How to write conditional types properly with react?

Question

So I'm trying to write a prop type format wherein if one was chosen the other prop will be discarded.

type ButtonProps = {
    to: string,
} | {
    onClick: (() => void) 
};

export const BackButton = (props: ButtonProps) => {
  if(props.to != null) {
     //props {to} will be used hence no need for onClick
  }
  else {
    // {onClick} will be used over {to} 
  }
}

But it says

Property 'to' does not exist on type 'ButtonProps'. Property 'to' does not exist on type '{ onClick: () => void; }'.ts(2339`

How to format type shape with OR so when either one is chosen the other will be discarded. No optionals, the chosen prop will be required.

Answer 1

We need to use type guards to properly narrow the type by the condition. In order to do so, we need to split the type little bit, in order to assert in type guard + readability. Below ButtonProps is equal with your implementation, but has elements of the union specified explicitly.

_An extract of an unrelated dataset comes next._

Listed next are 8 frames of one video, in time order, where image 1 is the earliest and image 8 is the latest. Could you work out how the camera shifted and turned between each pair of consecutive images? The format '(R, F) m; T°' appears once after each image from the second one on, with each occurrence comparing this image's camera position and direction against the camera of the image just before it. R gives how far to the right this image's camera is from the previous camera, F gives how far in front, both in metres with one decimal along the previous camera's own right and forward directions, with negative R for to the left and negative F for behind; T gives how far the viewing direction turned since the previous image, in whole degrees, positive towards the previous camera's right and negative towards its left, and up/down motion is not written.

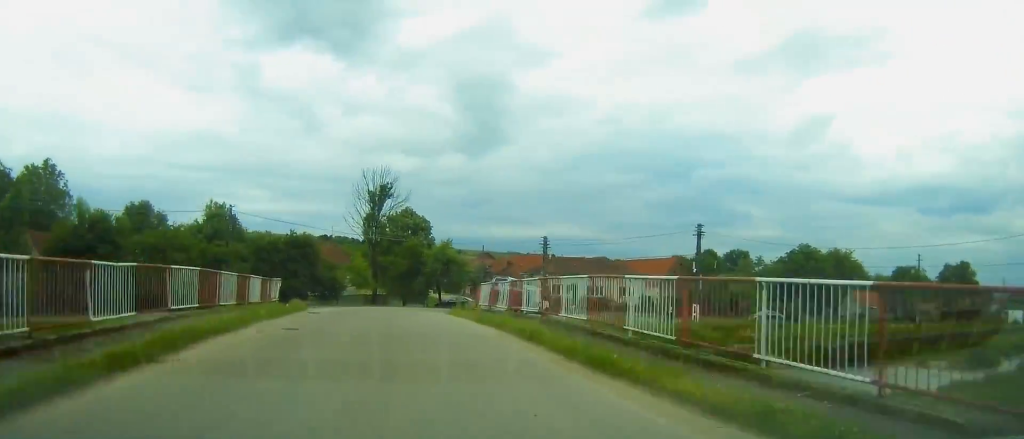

Second thing is a type guard, in the snippet below isButtonWithTo is exactly that. It narrows the type to one of options in the union. Pay attention to is keyword, it is indicating what means that function evaluates to true, in this case I am saying that if isButtonWithTo will return true, then argument has a type ButtonWithTo

type ButtonWithTo = {
    to: string,
}
type ButtonWithClick = {
    onClick: (() => void) 
}
// the same type as orginal but with explicit declarations of union elements
type ButtonProps = ButtonWithTo | ButtonWithClick 


const isButtonWithTo = (b: ButtonProps): b is ButtonWithTo  => 'to' in b // type guard

export const BackButton = (props: ButtonProps) => {
  if(isButtonWithTo(props)) {
     props // props have type ButtonWithTo
  } else {
    props // props have type ButtonWithClick
  }
}